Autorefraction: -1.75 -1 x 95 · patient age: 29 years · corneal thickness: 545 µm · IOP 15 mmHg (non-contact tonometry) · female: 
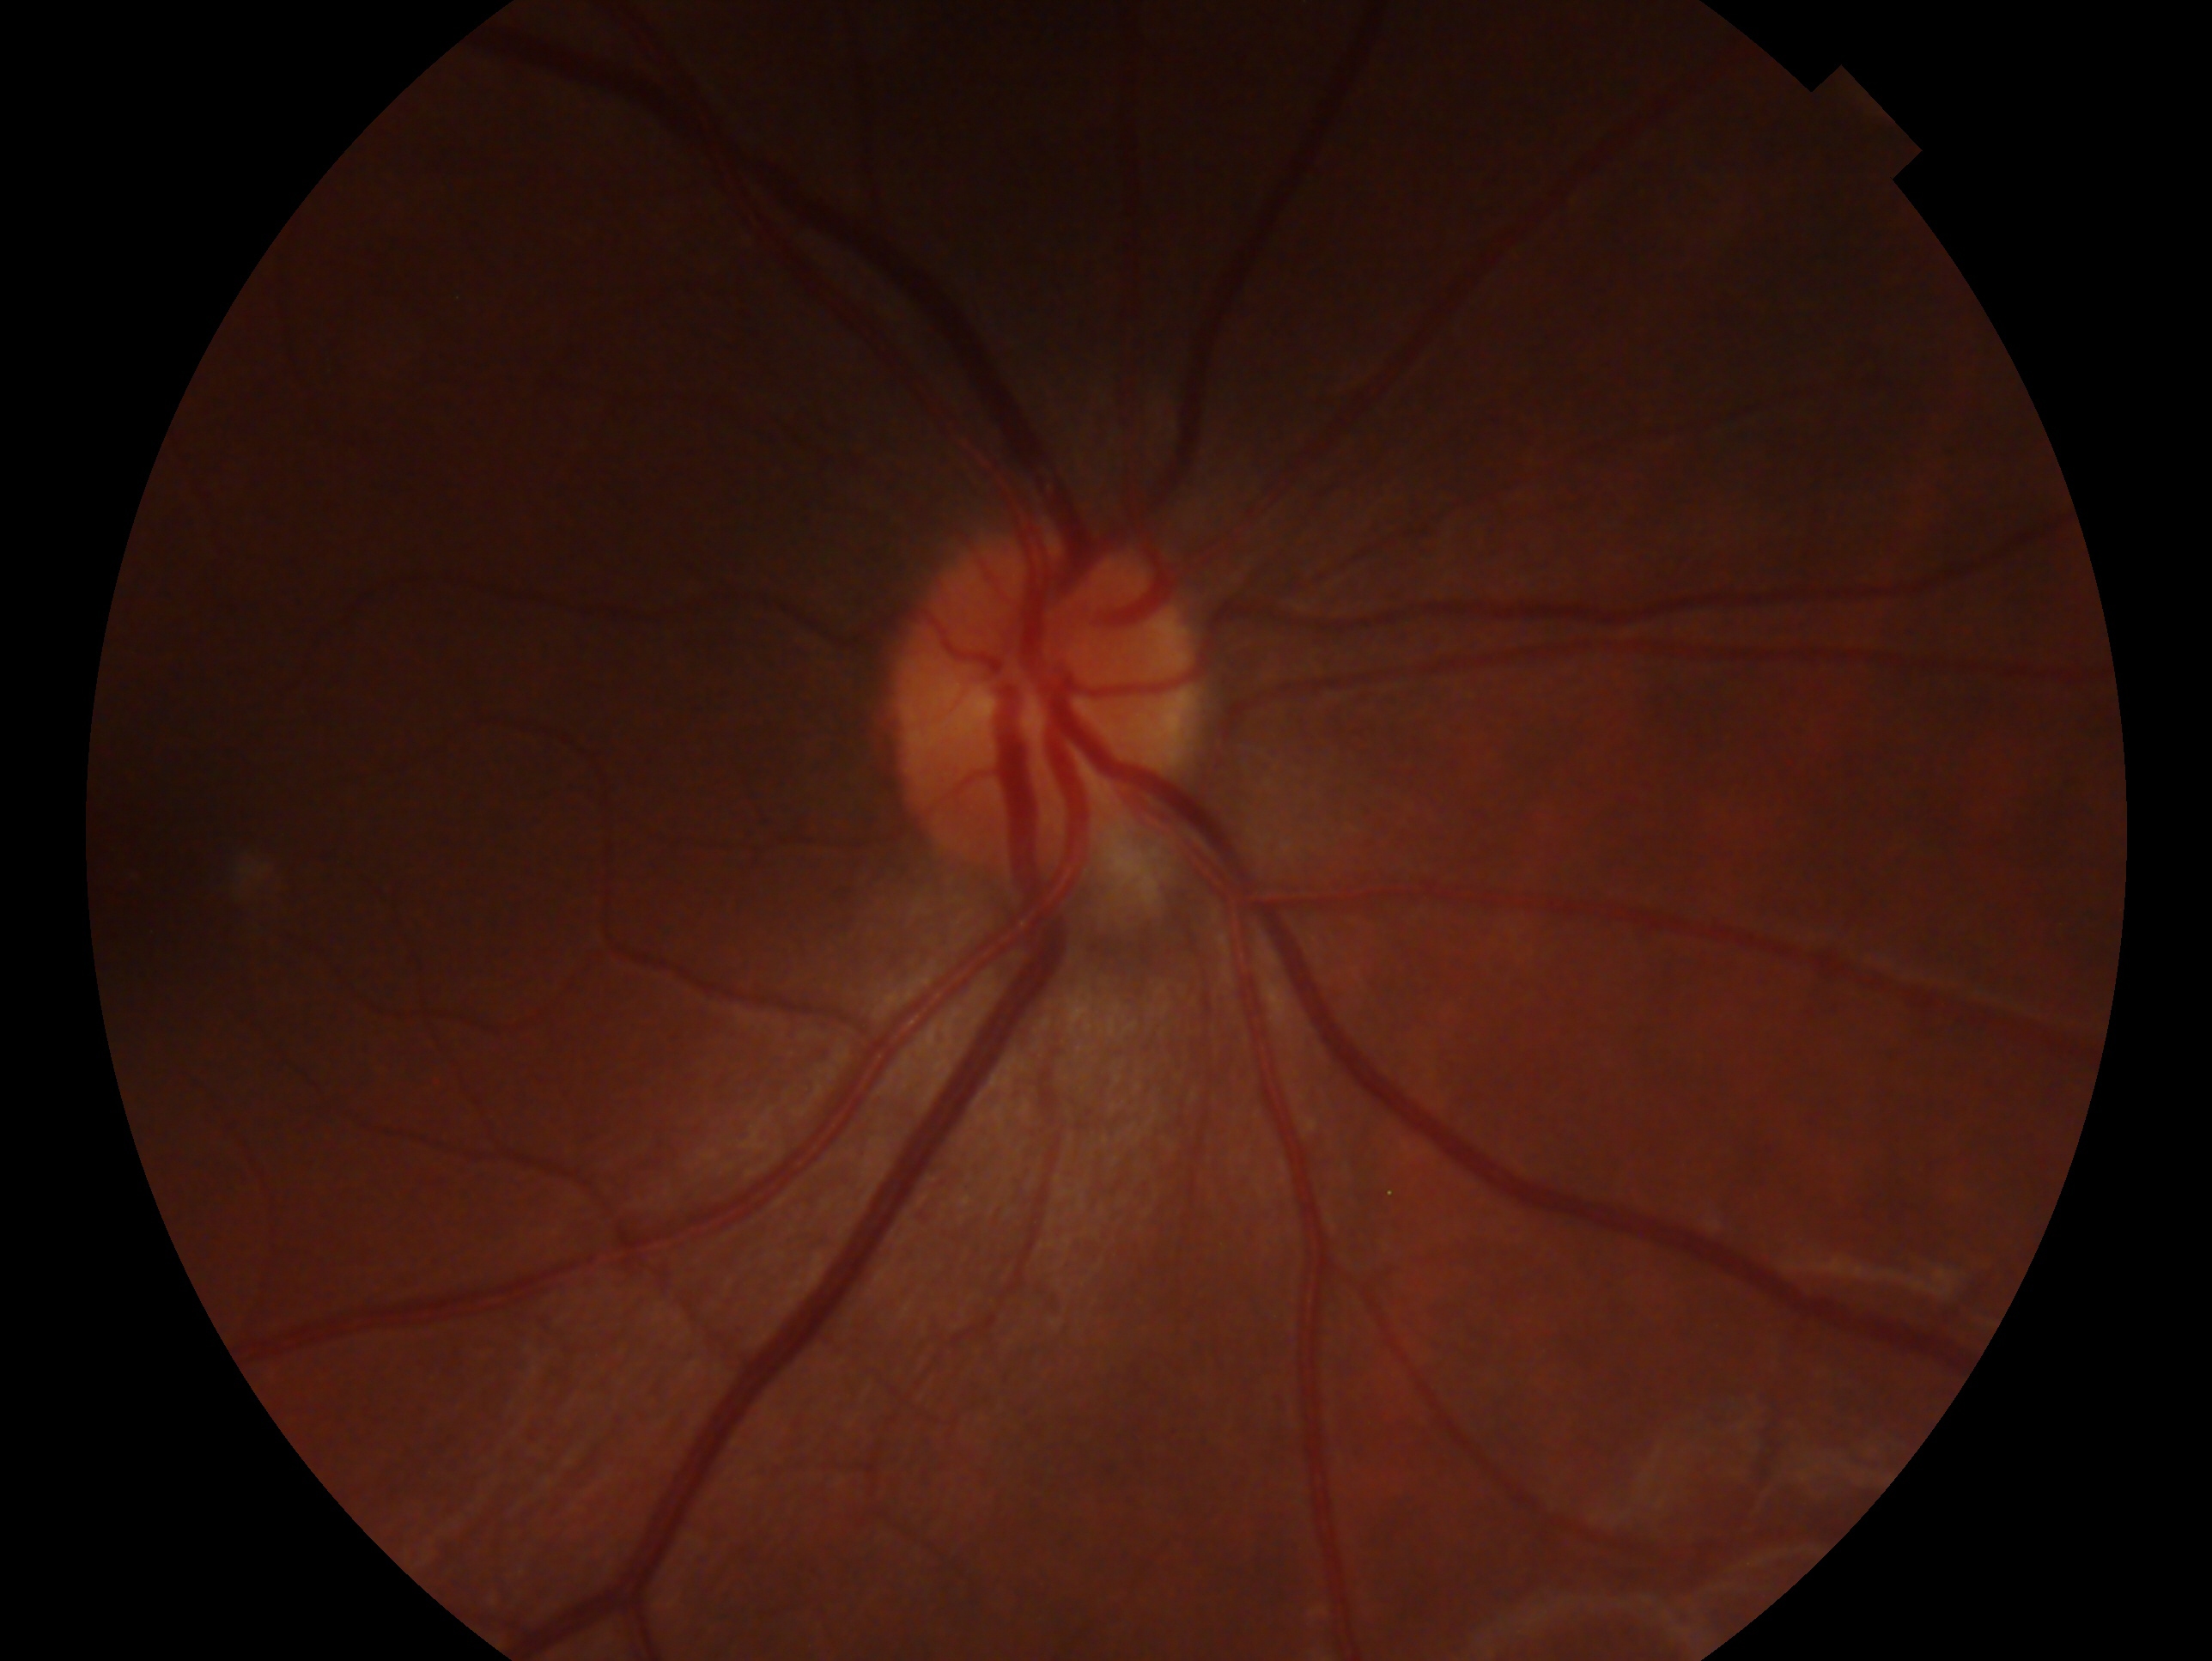
Eye: right eye.
Impression: no glaucoma — no clinical evidence of glaucoma in this eye.

==========

[Assigned task] Please print the material exactly as given above, omitting the pictures.

[Result for this task]
Autorefraction: -1.75 -1 x 95 · patient age: 29 years · corneal thickness: 545 µm · IOP 15 mmHg (non-contact tonometry) · female: 
Eye: right eye.
Impression: no glaucoma — no clinical evidence of glaucoma in this eye.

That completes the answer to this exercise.